Digital photographer Anne Cruikshank is passionate about hybrids: taking a mundane image or idea and marrying it to a contrast. Even if the contrast is a tiny one, it changes the entire feel and meaning of the piece, tripping up an emotional reaction in the viewer. Whether that reaction is laughter or horror, well, Cruikshank doesn’t mind either way.
“I was at the MADE Fair, and people would start looking through my prints and laugh and laugh,” she says. “I don’t see why other people think they’re hilarious — I find them a little creepy — but I like when they get any big reaction. Whether it’s positive or negative, expected or unexpected, I just want to avoid a void.”
Cruikshank grew up in Great Falls and has a background in media arts that dates back to her time as an undergraduate at the University of Montana.

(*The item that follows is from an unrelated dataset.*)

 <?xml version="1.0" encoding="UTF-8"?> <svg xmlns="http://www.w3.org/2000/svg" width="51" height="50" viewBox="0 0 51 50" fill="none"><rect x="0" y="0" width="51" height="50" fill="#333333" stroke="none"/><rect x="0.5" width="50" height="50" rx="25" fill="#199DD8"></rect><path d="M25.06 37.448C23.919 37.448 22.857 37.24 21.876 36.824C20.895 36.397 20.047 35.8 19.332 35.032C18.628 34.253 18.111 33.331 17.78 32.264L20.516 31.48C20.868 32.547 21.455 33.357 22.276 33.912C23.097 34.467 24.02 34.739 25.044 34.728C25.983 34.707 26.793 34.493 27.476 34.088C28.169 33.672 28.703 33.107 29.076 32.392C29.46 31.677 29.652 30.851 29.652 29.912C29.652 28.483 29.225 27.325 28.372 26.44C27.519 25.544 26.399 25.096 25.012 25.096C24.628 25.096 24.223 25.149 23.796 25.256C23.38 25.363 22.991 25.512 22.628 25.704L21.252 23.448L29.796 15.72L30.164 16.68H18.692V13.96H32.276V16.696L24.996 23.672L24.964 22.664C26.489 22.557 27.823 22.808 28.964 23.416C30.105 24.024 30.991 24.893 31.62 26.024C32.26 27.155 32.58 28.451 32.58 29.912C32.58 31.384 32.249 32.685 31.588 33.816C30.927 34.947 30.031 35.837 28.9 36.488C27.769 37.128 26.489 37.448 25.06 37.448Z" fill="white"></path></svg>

While she used to spend much of her creative time taking pictures, she started straying from traditional photography simply because her interests in that area — castles and gothic architecture — aren’t readily available here in Missoula. What is available, though, is Photoshop, and Cruikshank found she loved playing with images using the software.
“The process of [digital photography] is meticulous and time-consuming,” she says, “but I find it very relaxing. They are my version of adult coloring books.”
Her biggest current interest is altering Victorian cabinet cards by replacing the image’s human heads with animal heads. Cruikshank gets the worn portraits from second-hand stores and eBay, though more recently, friends and loved ones have been sending them to her to alter. Then she matches human with animal — either by getting inspiration from the person on the cabinet card or by finding a specific cabinet card that looks like an animal she’s interested in working on. Then the tedious work begins: finding an image that matches in tilt and light source, and then tinkering with the scale, density, contrast and grain to get it just right.
“I like the juxtaposition of stock animal photos and actual human beings who are gone now — someone cared about these pictures and these people a lot, but now they’ve been discarded,” Cruikshank says. “I used to pair them with endangered or extinct animals, because both are vanishing or have vanished, but now I use other animals, like goats, because they translate so perfectly to humans.”
Besides her wild cabinet cards, Cruikshank also gets playful with the idea of mass-produced art in Mindscape/Landscape, a new show she shares with landscape painter Deborah Traer at E3 Convergence Gallery. Baffled by the art you can buy at places like Lowes, Pier 1 and Target, she wanted to recreate the feel of the pieces, but add a contrast that evokes a feeling. One piece looks like it could be for sale at Home Depot as far as style and presentation, except that it features an octopus tentacle wearing a bowtie. Another depicts a sparse bouquet of flowers, wilting and tied with string.
“I started looking at these pictures that are devoid of meaning — like the ones you can find at Target or a dentist’s office — of innocuous flowers or a single feather or an oar and a canoe,” she says. “I thought, what would make this interesting? What would make it offensive or upsetting? What small change would suddenly stop someone from hanging it in their living room?”
As with her hybrid animal-humans, she doesn’t know what people might feel when they see her strange mix of mass-produced art and H.P Lovecraft-inspired twists.
“The most important thing about art is that there’s an emotional reaction and interpretation,” she says. “Art isn’t necessarily something you can process with your head, you have to process it emotionally. I want to give you an emotional response.”
Mindscape/Landscape opens at E3 Convergence First Friday, Feb. 2, with a reception from 5 to 9 PM.